↓

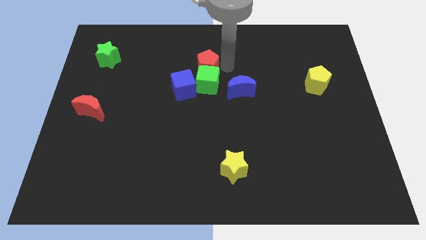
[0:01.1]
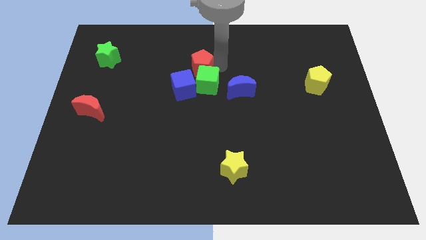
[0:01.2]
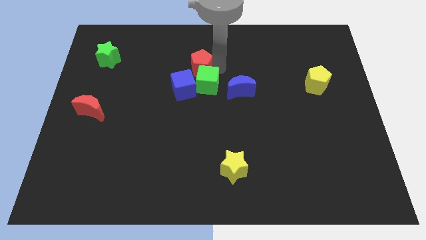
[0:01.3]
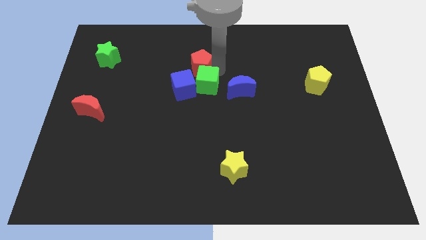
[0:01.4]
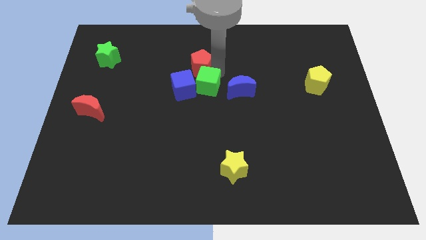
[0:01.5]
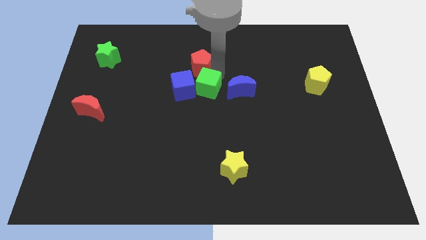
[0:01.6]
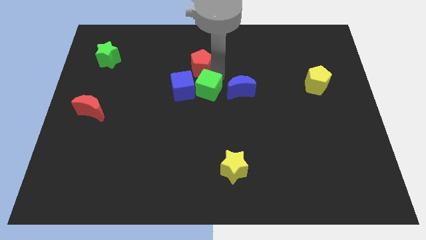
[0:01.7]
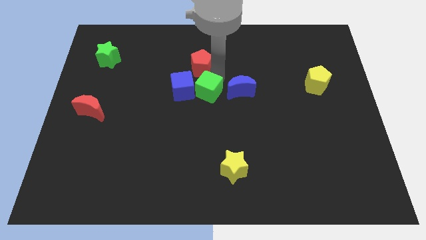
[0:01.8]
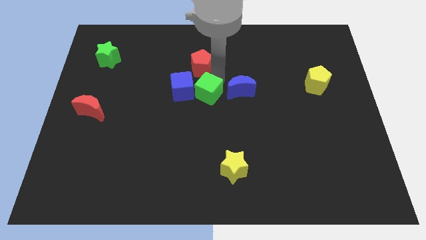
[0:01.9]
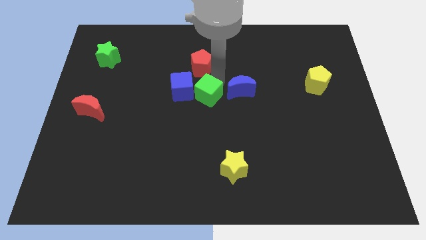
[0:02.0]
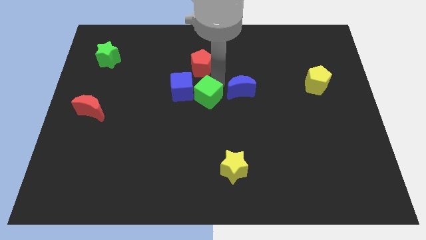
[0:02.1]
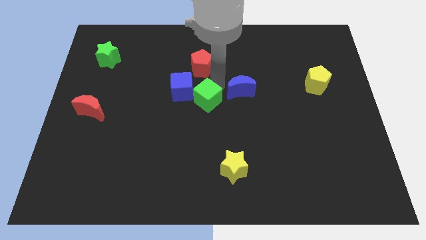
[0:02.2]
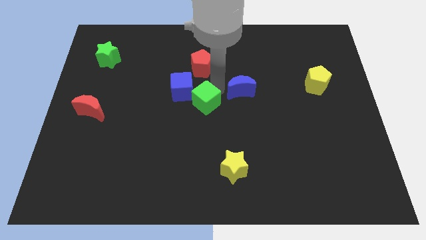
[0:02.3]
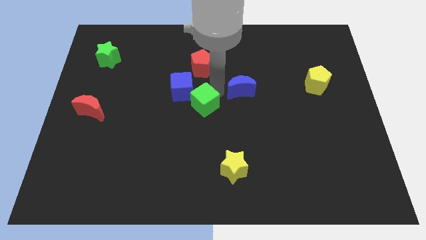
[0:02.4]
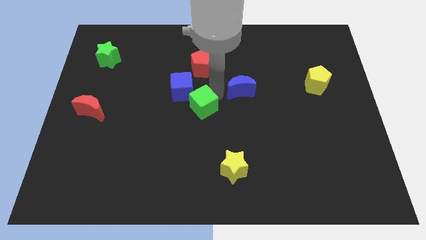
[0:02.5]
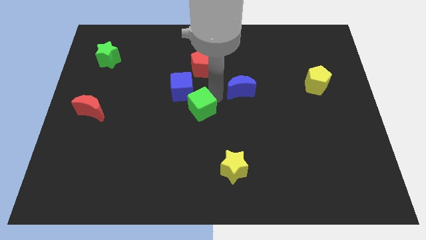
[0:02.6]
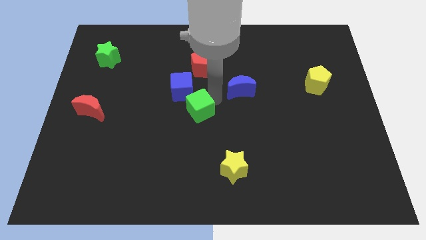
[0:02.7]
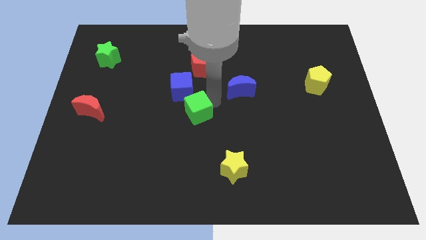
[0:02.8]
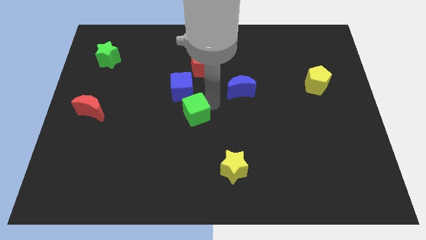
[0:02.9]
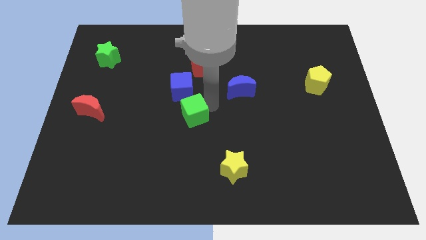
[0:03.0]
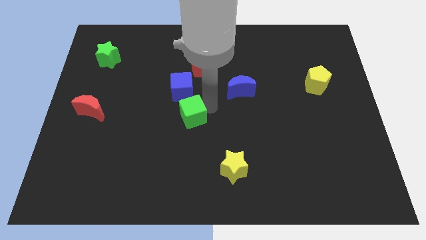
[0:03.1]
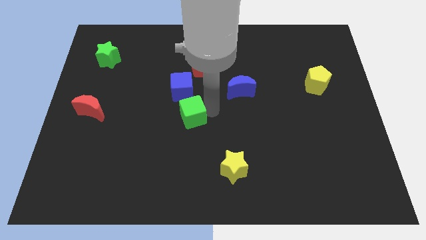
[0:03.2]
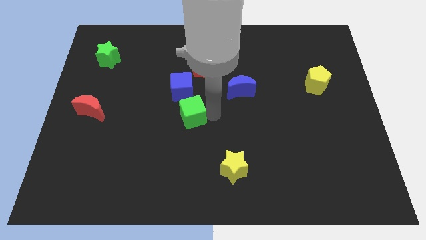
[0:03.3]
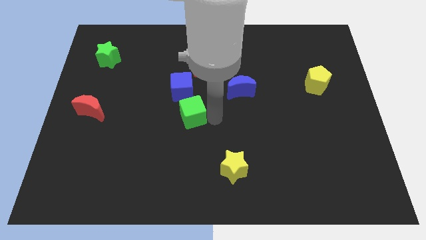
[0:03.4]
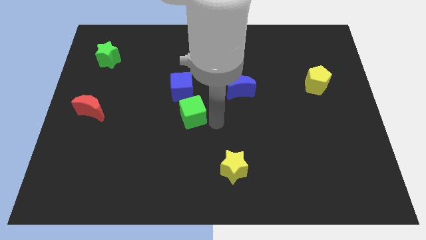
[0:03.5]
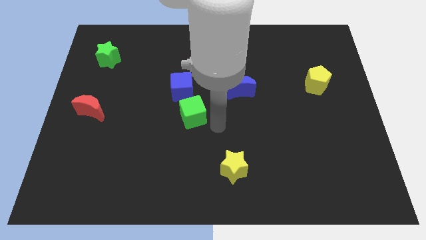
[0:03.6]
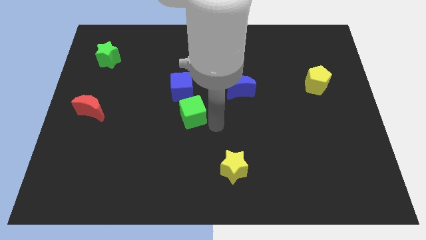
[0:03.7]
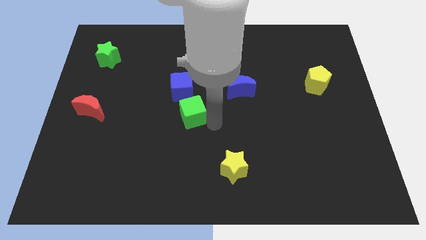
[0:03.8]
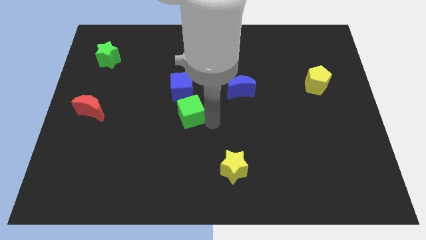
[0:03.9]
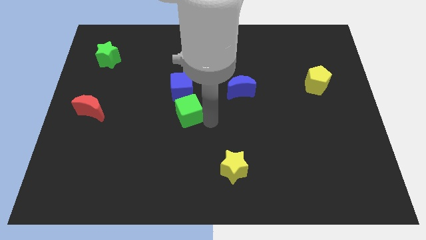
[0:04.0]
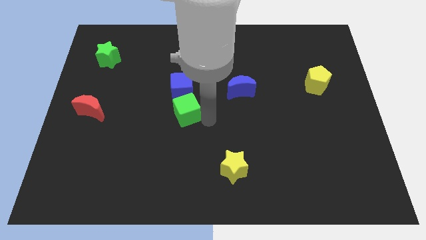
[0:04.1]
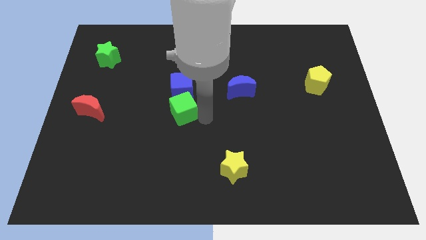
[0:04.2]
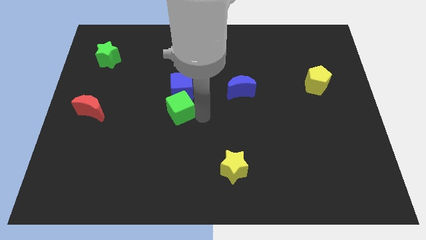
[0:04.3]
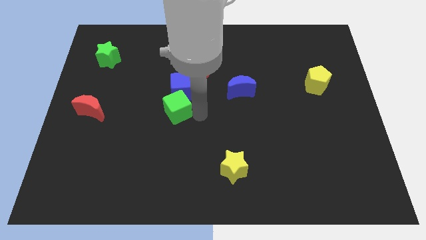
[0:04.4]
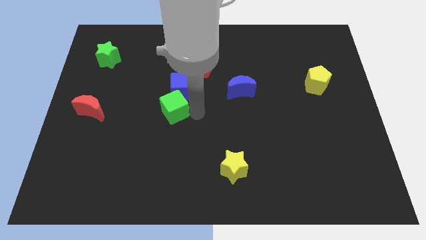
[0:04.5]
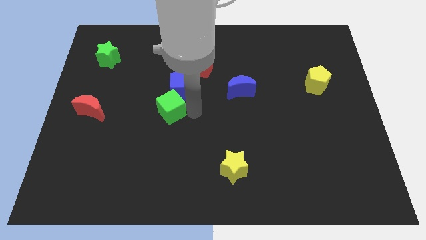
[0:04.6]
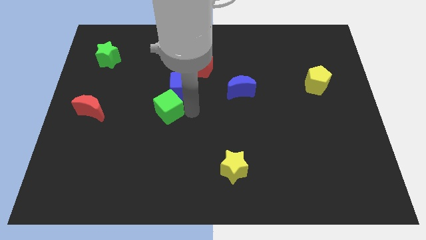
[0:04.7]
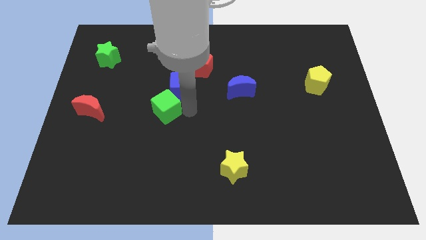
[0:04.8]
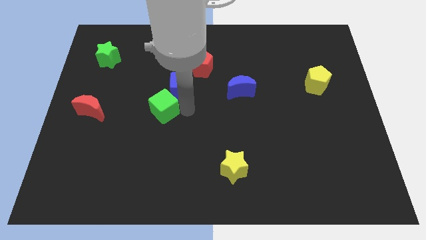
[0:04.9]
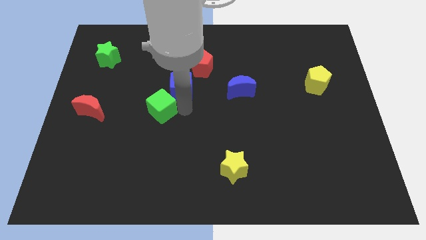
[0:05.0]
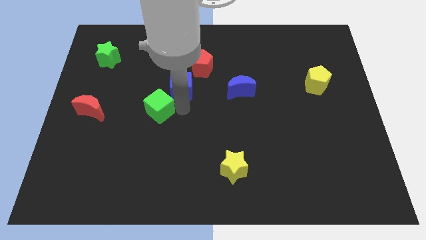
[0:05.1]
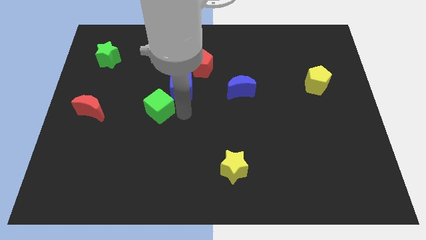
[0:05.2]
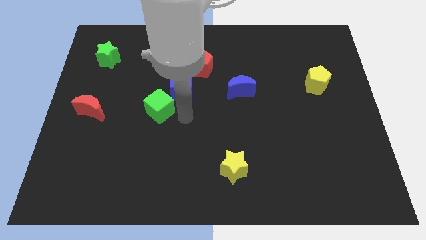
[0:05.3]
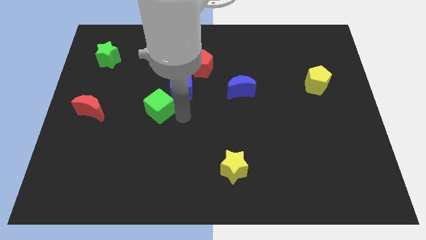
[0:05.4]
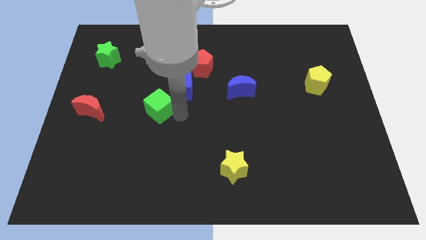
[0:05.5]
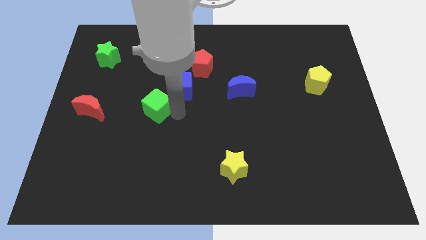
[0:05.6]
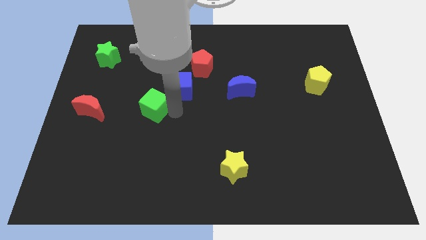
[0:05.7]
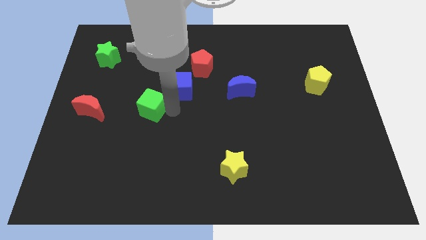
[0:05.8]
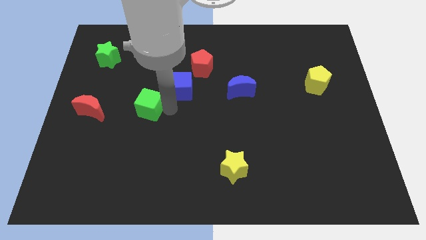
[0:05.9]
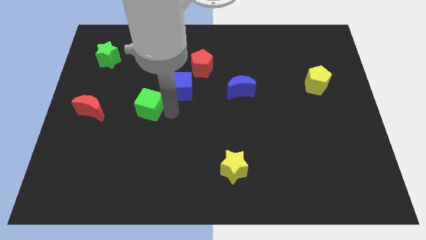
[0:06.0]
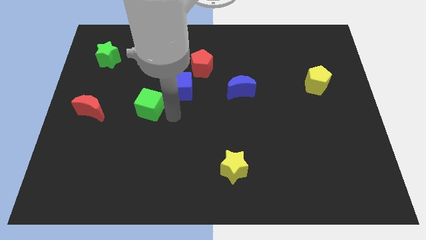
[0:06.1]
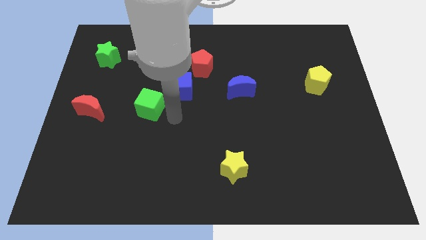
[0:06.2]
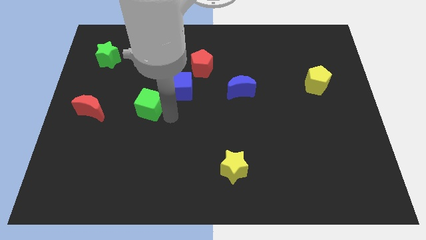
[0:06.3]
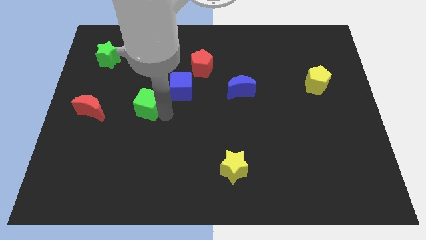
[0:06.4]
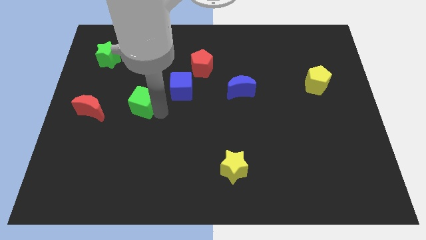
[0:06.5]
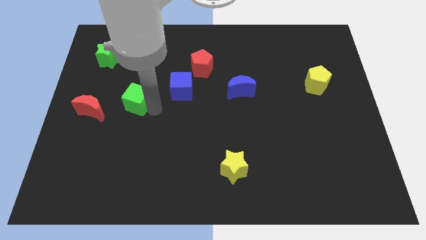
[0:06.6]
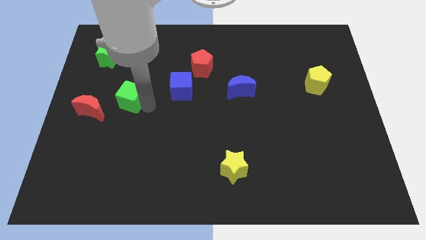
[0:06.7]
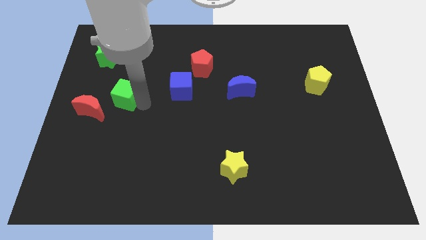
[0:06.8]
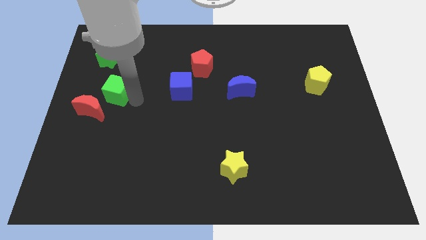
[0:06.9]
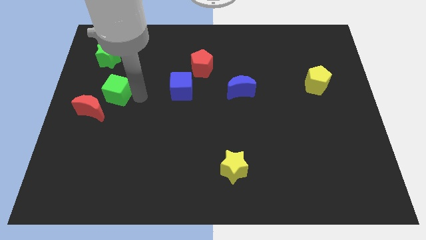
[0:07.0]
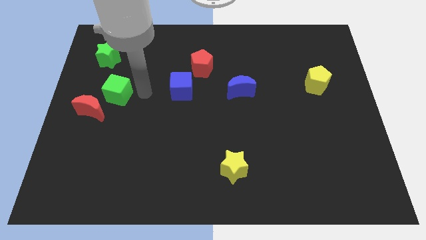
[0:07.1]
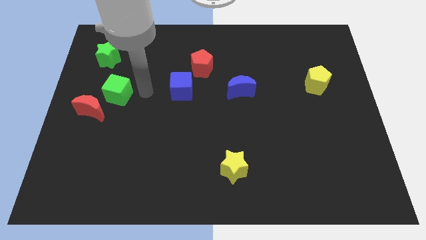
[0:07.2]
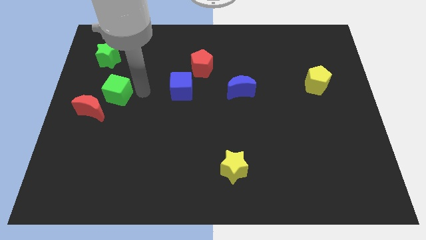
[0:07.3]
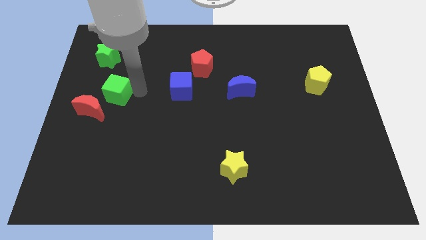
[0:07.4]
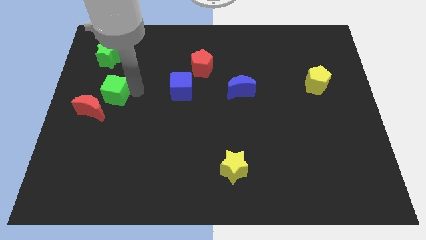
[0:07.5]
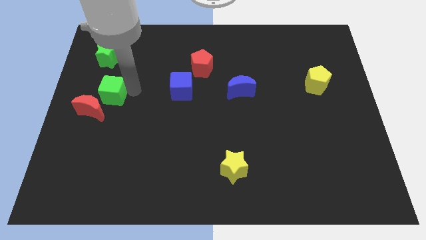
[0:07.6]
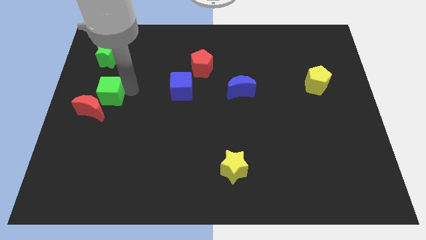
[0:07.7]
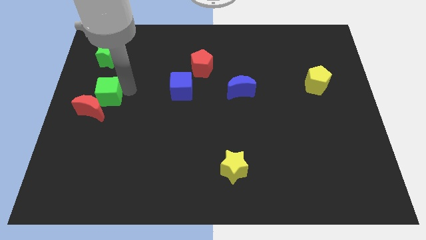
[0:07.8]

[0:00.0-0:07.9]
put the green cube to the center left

↑

_Assignment_
Leave the pictures out, and transcribe each of the records exactly.

_Completed task_
[0:01.1]
[0:01.2]
[0:01.3]
[0:01.4]
[0:01.5]
[0:01.6]
[0:01.7]
[0:01.8]
[0:01.9]
[0:02.0]
[0:02.1]
[0:02.2]
[0:02.3]
[0:02.4]
[0:02.5]
[0:02.6]
[0:02.7]
[0:02.8]
[0:02.9]
[0:03.0]
[0:03.1]
[0:03.2]
[0:03.3]
[0:03.4]
[0:03.5]
[0:03.6]
[0:03.7]
[0:03.8]
[0:03.9]
[0:04.0]
[0:04.1]
[0:04.2]
[0:04.3]
[0:04.4]
[0:04.5]
[0:04.6]
[0:04.7]
[0:04.8]
[0:04.9]
[0:05.0]
[0:05.1]
[0:05.2]
[0:05.3]
[0:05.4]
[0:05.5]
[0:05.6]
[0:05.7]
[0:05.8]
[0:05.9]
[0:06.0]
[0:06.1]
[0:06.2]
[0:06.3]
[0:06.4]
[0:06.5]
[0:06.6]
[0:06.7]
[0:06.8]
[0:06.9]
[0:07.0]
[0:07.1]
[0:07.2]
[0:07.3]
[0:07.4]
[0:07.5]
[0:07.6]
[0:07.7]
[0:07.8]

[0:00.0-0:07.9]
put the green cube to the center left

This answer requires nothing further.